The resistance and support levels cannot be checked once and for all, especially when playing with contracts. You need to confirm them multiple times and repeatedly to maximize your profits.

3. Set up stop-profit and stop-loss

When a novice is trading perpetual contracts, he or she must first develop a correct concept of profit and loss, rather than blindly pursuing profit and having zero tolerance for loss, otherwise it will be a fatal blow to everyone. Losses should be considered normal for perpetual contracts, but we must learn how to reasonably control losses, reduce the probability of losses and reduce the amount of loss, which is what we should study.

4. Continuously monitor your account

After placing an order, continuous account management and monitoring should be carried out, and positions, margin changes, open orders, etc. should be checked regularly to avoid losses caused by errors or omissions.

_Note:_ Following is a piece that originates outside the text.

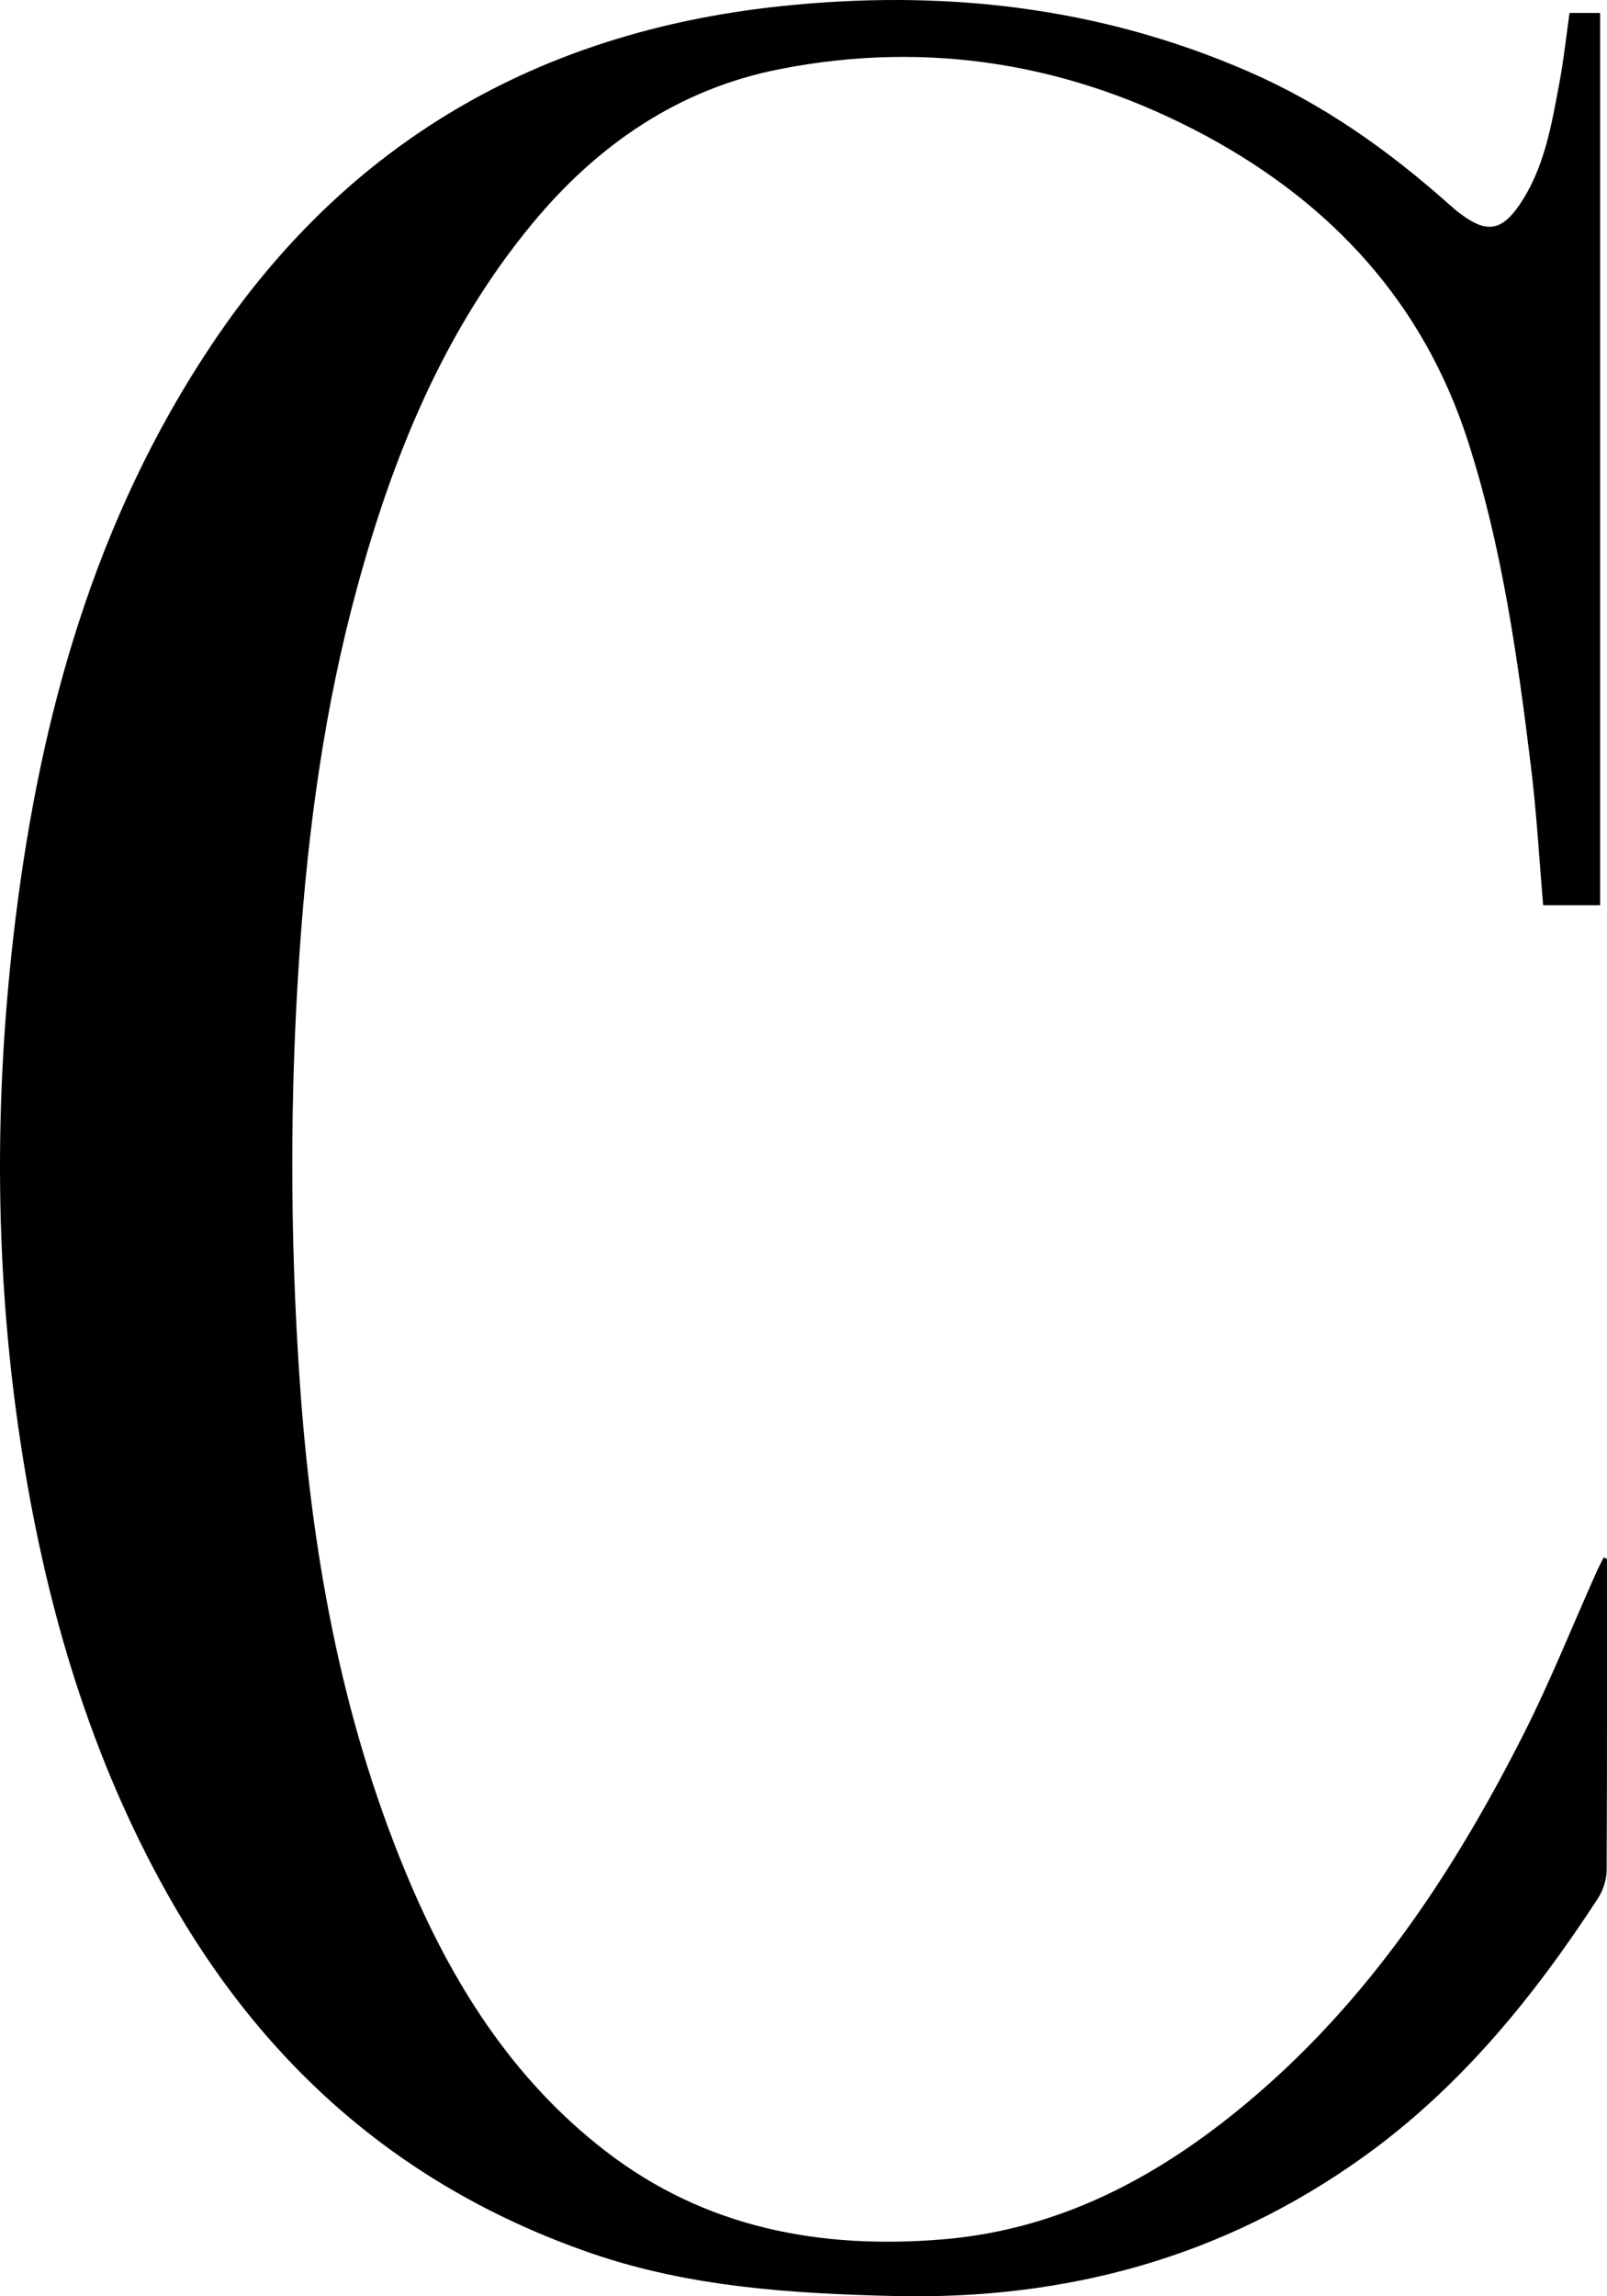 <?xml version="1.0" encoding="utf-8"?>
<svg xmlns="http://www.w3.org/2000/svg" fill="none" height="100%" overflow="visible" preserveAspectRatio="none" style="display: block;" viewBox="0 0 113.556 162.178" width="100%">
<path d="M113.554 110.071C113.554 117.402 113.566 124.721 113.531 132.051C113.531 132.734 113.289 133.499 112.921 134.066C108.376 141.049 103.175 147.442 96.317 152.352C86.409 159.439 75.339 162.438 63.233 162.161C55.938 161.987 48.723 161.535 41.738 159.126C28.459 154.529 18.655 145.936 11.808 133.73C6.423 124.118 3.362 113.789 1.624 102.984C-0.412 90.315 -0.47 77.6 1.095 64.896C2.879 50.443 6.745 36.628 14.927 24.387C24.466 10.097 37.998 2.28 55.052 0.45C66.49 -0.778 77.583 0.427 88.204 5.047C93.486 7.34 98.112 10.618 102.392 14.428C102.68 14.682 102.968 14.937 103.278 15.157C105.05 16.466 106.109 16.304 107.352 14.497C109.135 11.892 109.63 8.846 110.194 5.847C110.493 4.248 110.666 2.639 110.908 0.913H113.071V63.934H109.043C108.767 60.68 108.583 57.438 108.192 54.218C107.237 46.425 106.144 38.643 103.727 31.15C100.586 21.399 94.13 14.405 85.224 9.599C75.742 4.492 65.638 2.812 55.086 4.885C47.998 6.275 42.256 10.189 37.642 15.759C31.37 23.333 27.768 32.181 25.225 41.538C22.936 49.934 21.773 58.503 21.175 67.165C20.473 77.264 20.485 87.362 21.175 97.46C21.992 109.411 24.052 121.119 28.666 132.236C31.842 139.891 36.123 146.793 42.82 151.947C49.862 157.366 57.952 158.86 66.536 158.165C75.442 157.447 82.807 153.22 89.378 147.43C97.26 140.47 102.91 131.843 107.616 122.567C109.515 118.826 111.08 114.9 112.795 111.067C112.956 110.697 113.151 110.349 113.324 109.99C113.405 110.025 113.485 110.06 113.554 110.094V110.071Z" fill="black" id="Vector"/>
</svg>

For example, if you open the wrong direction and your position is on the verge of collapse, but you are very confident that it will go in the direction you expected, you want to add margin to delay the liquidation, but you find that there is not enough money in your account. This is the problem that will occur if you do not do a good job of account management and monitoring.

Newbies should try to adjust leverage and margin according to actual conditions, determine trading plans and evaluate and revise them regularly.

3. Tips for Stop Loss

Method 1: Set the stop loss in advance according to your own tolerance when opening an order. When the transaction is in progress, execute the stop loss as planned.

For example: when your initial capital is 10,000U, and you can tolerate a loss of 10% of your principal, you can set a stop loss when the loss reaches 10%, and then look for opportunities to enter the market later.

Method 2: After opening an order, you later find that it does not match your expectations. Many situations are not thought of when you make a trading plan, and the psychological pressure will be particularly great after establishing a contract order. In this case, you should stop loss and exit.

Method 3: Set stop loss according to your own operating system.

Everyone can set their own stop loss system. For example, suppose your stop loss system is to sell when the 5-day moving average crosses the 10-day moving average. Everyone's operating system is different, so the stop loss system formed is also different. You should set the stop loss system according to your own operating system.